The impact of climate instability on the erosion of glaciated bedrock is twofold. Firstly, rapid increases in temperature would accelerate melting of glaciers, potentially steepening ice slopes and increasing ice flow rates. Glaciers not already warm-based would become warm-based and would then move largely by basal slip, smoothing and streamlining bedrock landforms. During a rapid warming interval, bedrock would experience large decreases in glacial ice load and correspondingly significant elastic rebound as hydrostatic stress diminished (Note 4). Secondly, during a rapid cooling of the ambient climate, warm-based glaciers would convert to polythermal glaciers with the thinned edge regions frozen hard to the bedrock. Such freezing around the edges of steep-sloping glaciers could trap groundwater beneath cold ice, leading to conditions favorable to disruption of bedrock by hydraulic action and ice segregation. Trapped groundwater originating under thick ice at high elevation could cause hydraulic bedrock frost heave (Note 5) at locations of lower elevation sharing a common aquifer. Hydraulic bedrock frost heave features can develop under substantial glacial ice (Note 10).
Abundant bedrock frost heave of apparent hydraulic origin is observed on the Avalon Peninsula. The period of interest for generating this hydraulic bedrock frost heave is indicated in blue on the above chart. This time interval corresponds to the time during which cold deglaciation of parts of the Avalon Peninsula might have taken place. During the cold climate of the Younger Dryas interval, a concurrent lack of precipitation could account for downwasting of cold-based glaciers and the consequent unloading of frozen bedrock hosting pressurized groundwater. Alternatively, a sudden onset of severe climate warming with resultant rapid glacier surface melting could thin a cold-based glacier without substantially warming the base. In either case, migration of pressurized groundwater to a hard-frozen ice-bedrock interface would potentially cause development of the observed widespread bedrock frost heave and other ice-disrupted bedrock features. These features, caused mainly by ice segregation occurring in a subglacial environment, provide evidence of an unusual deglaciation process (cold deglaciation) having occurred on parts of the Avalon just prior to the Holocene. The features could also imply special permeability and porosity characteristics in the regionally metamorphosed rocks found on the Avalon Peninsula.
There is a large difference between present-day average temperatures in south-eastern Newfoundland and present-day temperatures over the ice cap in central Greenland. Using a seasonal average temperature of 5 deg. C for the Avalon Peninsula and a seasonal average of -32 deg. C for the GISP2 (Greenland Ice Sheet Project 2) core extraction location in central Greenland, a 37 deg.C average temperature difference between the two locations is observed.
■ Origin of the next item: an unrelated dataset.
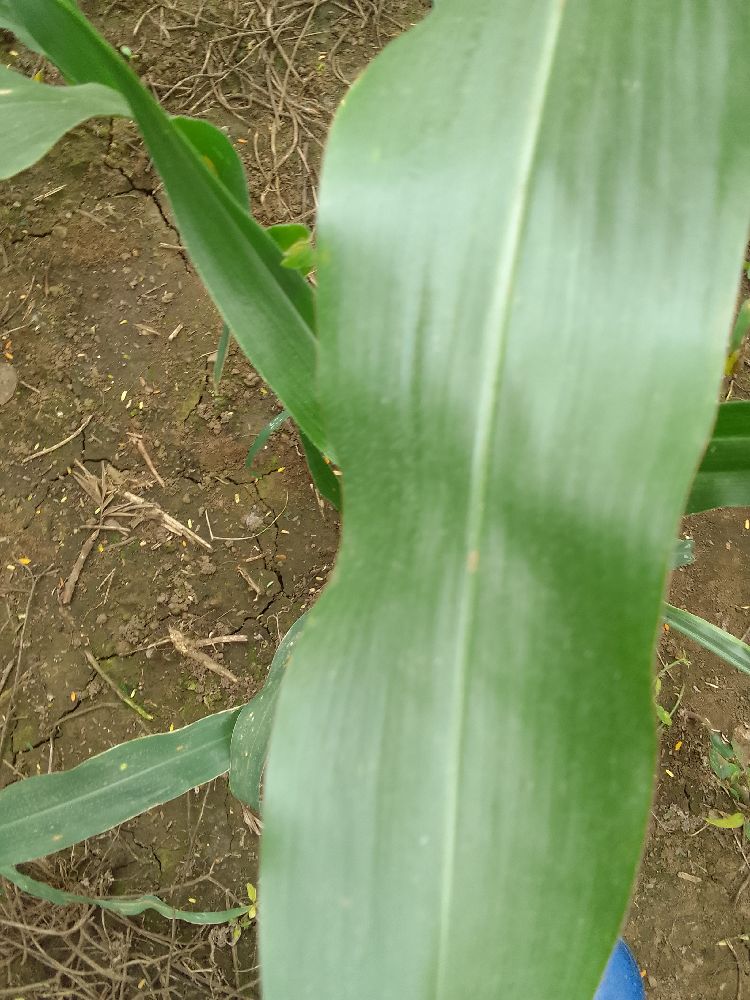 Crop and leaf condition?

The Avalon Peninsula is about 3000 km south of GISP2 and about 3 km lower in elevation.
The chart shown above presents a hypothetical temperature vs. time curve for the Avalon Peninsula during the deglaciation years extending from 15000 years ago to 11000 years ago. The curve comprises the GISP2 inferred temperature data augmented by a constant 37 deg. C. The deglaciation years were characterized by a degree of climate instability greatly exceeding any climate fluctuations seen during the Holocene. It is not clear why the deglaciation paleoclimate fluctuated so severely, although feedbacks associated with the deglaciation process itself may have played a role. Specifically the Younger Dryas cold interval (-12.9 kA to -11.7 kA) could have been caused by a cessation in the Atlantic meridional overturning circulation, this cessation resulting from rapid glacial runoff.
Intervals of abrupt climate change occurred during the deglaciation period. Ice core data from Greenland shows changes in mean annual temperature of the order of 10 deg. C occurring over decade-scale time frames.
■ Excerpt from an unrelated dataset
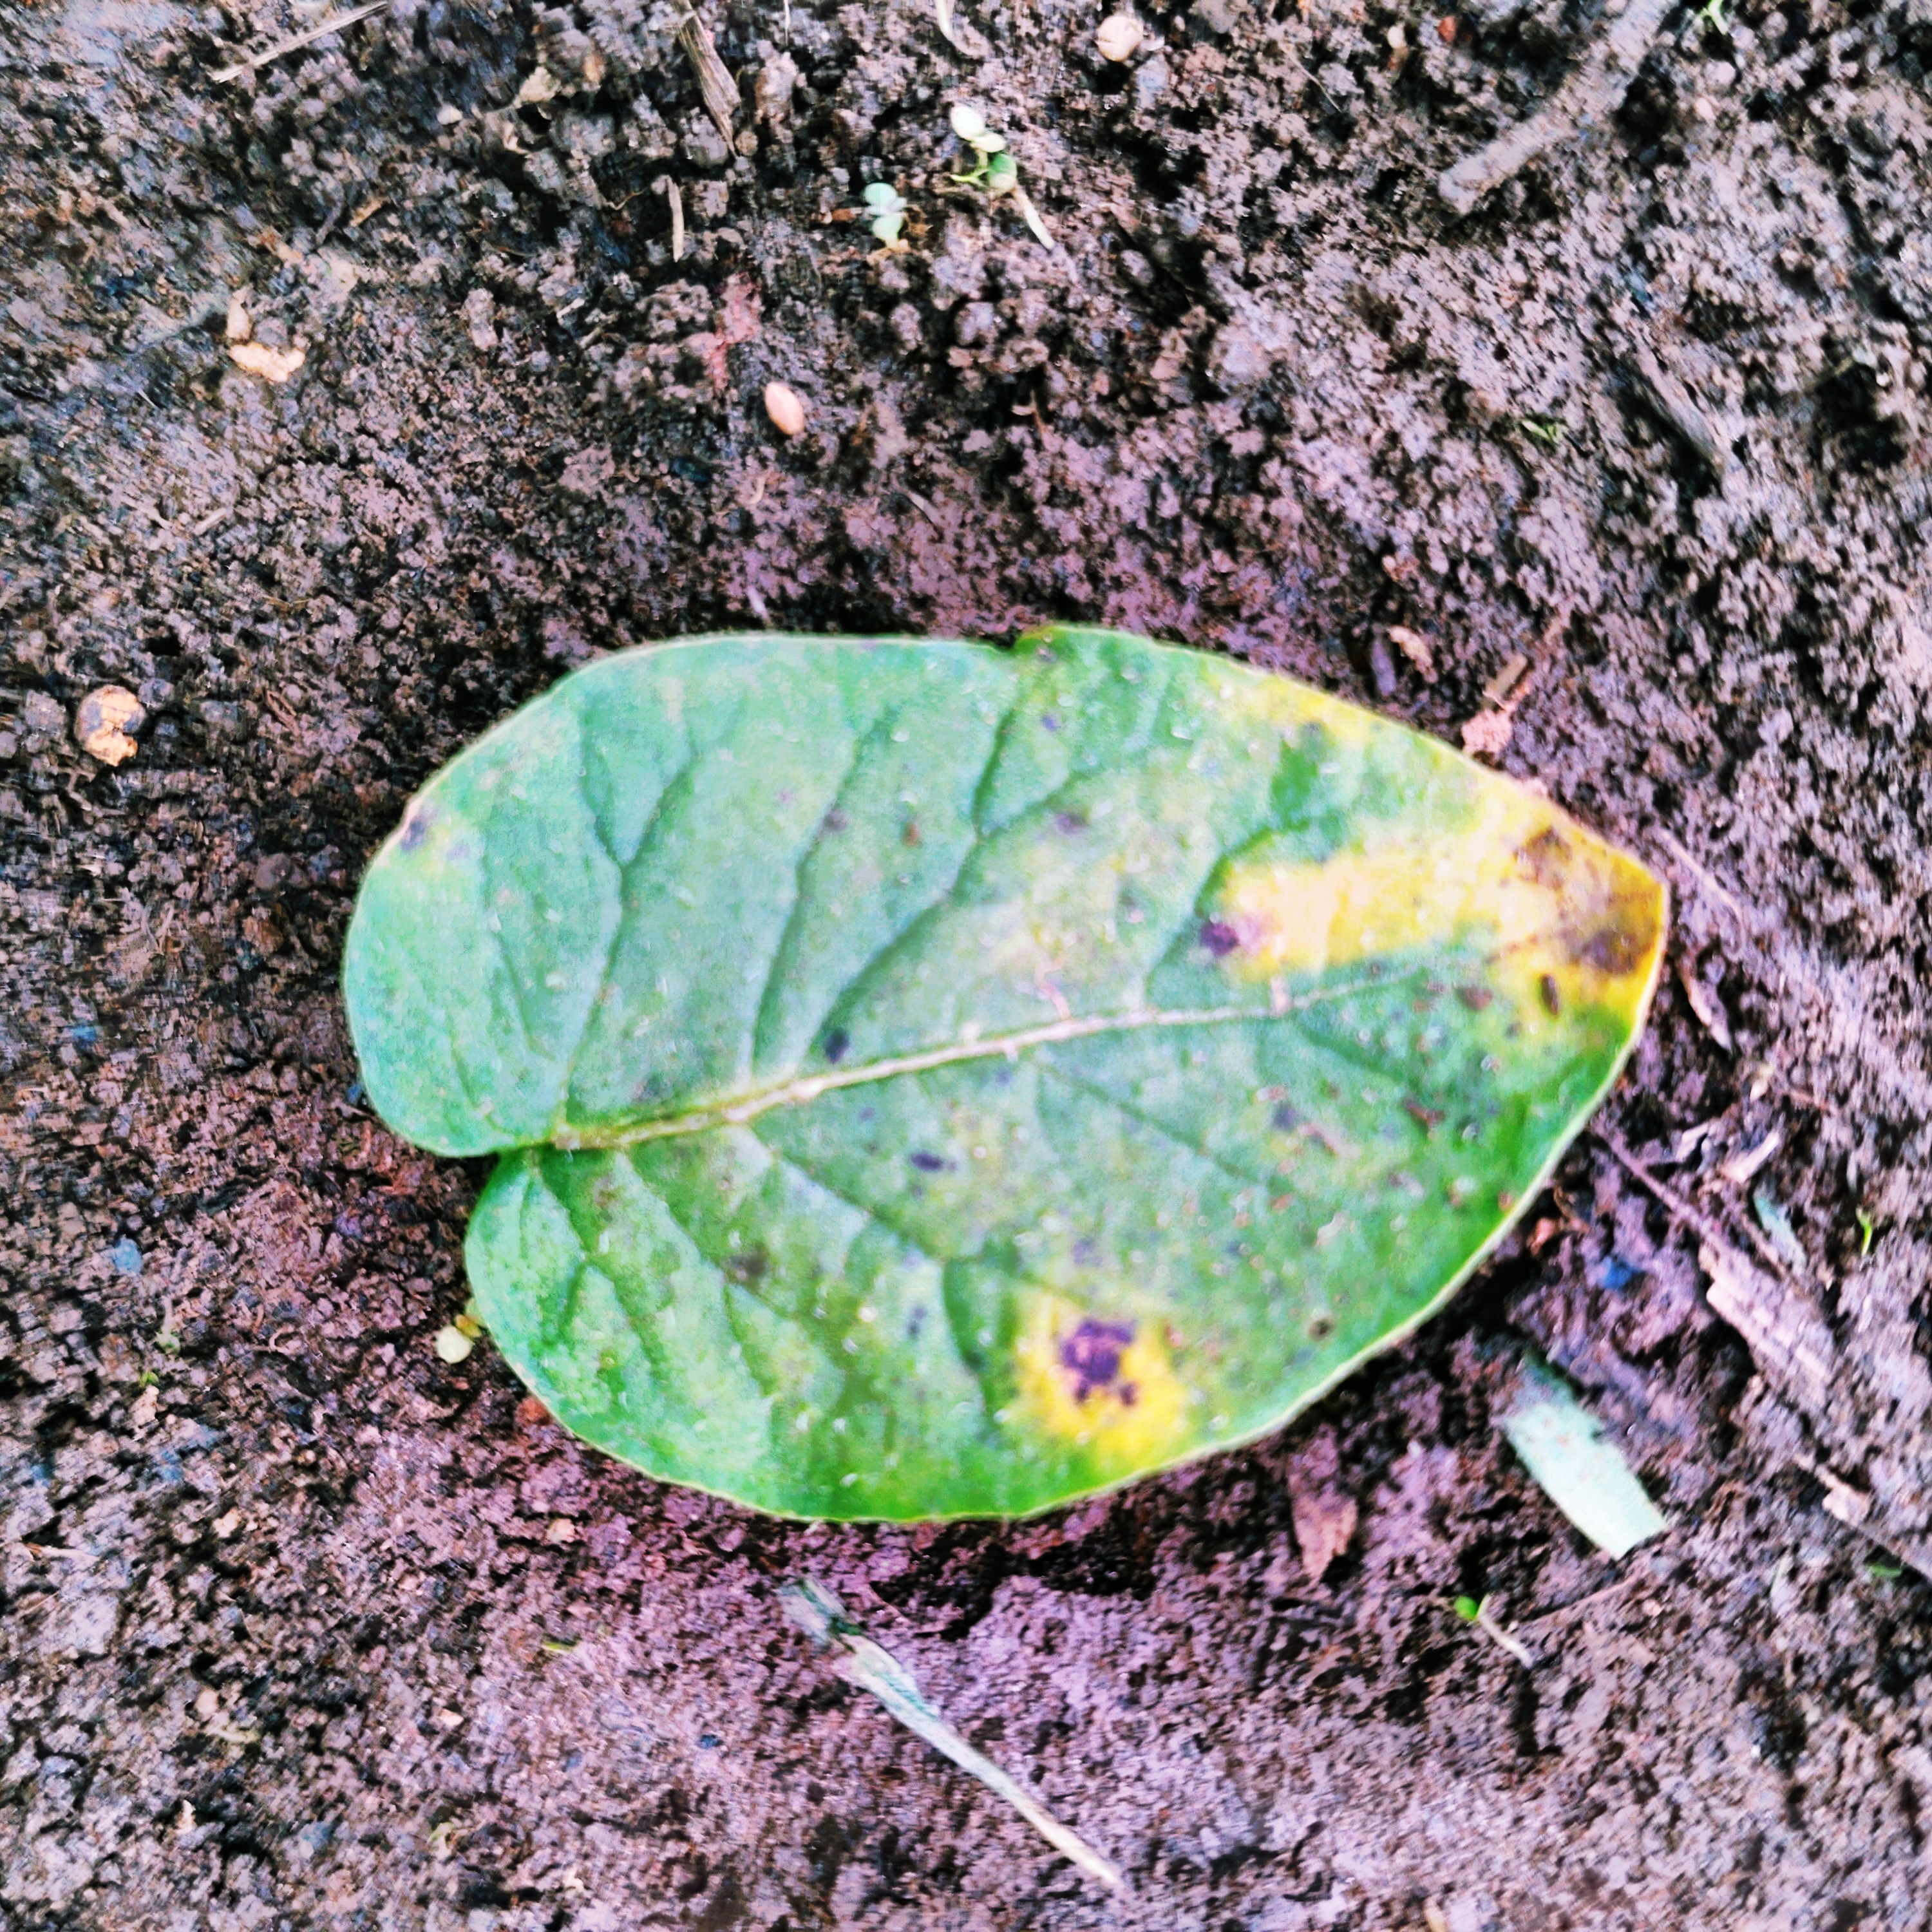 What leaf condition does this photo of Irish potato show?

late blight

The impact of climate instability on the erosion of glaciated bedrock is twofold. Firstly, rapid increases in temperature would accelerate melting of glaciers, potentially steepening ice slopes and increasing ice flow rates. Glaciers not already warm-based would become warm-based and would then move largely by basal slip, smoothing and streamlining bedrock landforms. During a rapid warming interval, bedrock would experience large decreases in glacial ice load and correspondingly significant elastic rebound as hydrostatic stress diminished (Note 4). Secondly, during a rapid cooling of the ambient climate, warm-based glaciers would convert to polythermal glaciers with the thinned edge regions frozen hard to the bedrock. Such freezing around the edges of steep-sloping glaciers could trap groundwater beneath cold ice, leading to conditions favorable to disruption of bedrock by hydraulic action and ice segregation. Trapped groundwater originating under thick ice at high elevation could cause hydraulic bedrock frost heave (Note 5) at locations of lower elevation sharing a common aquifer. Hydraulic bedrock frost heave features can develop under substantial glacial ice (Note 10).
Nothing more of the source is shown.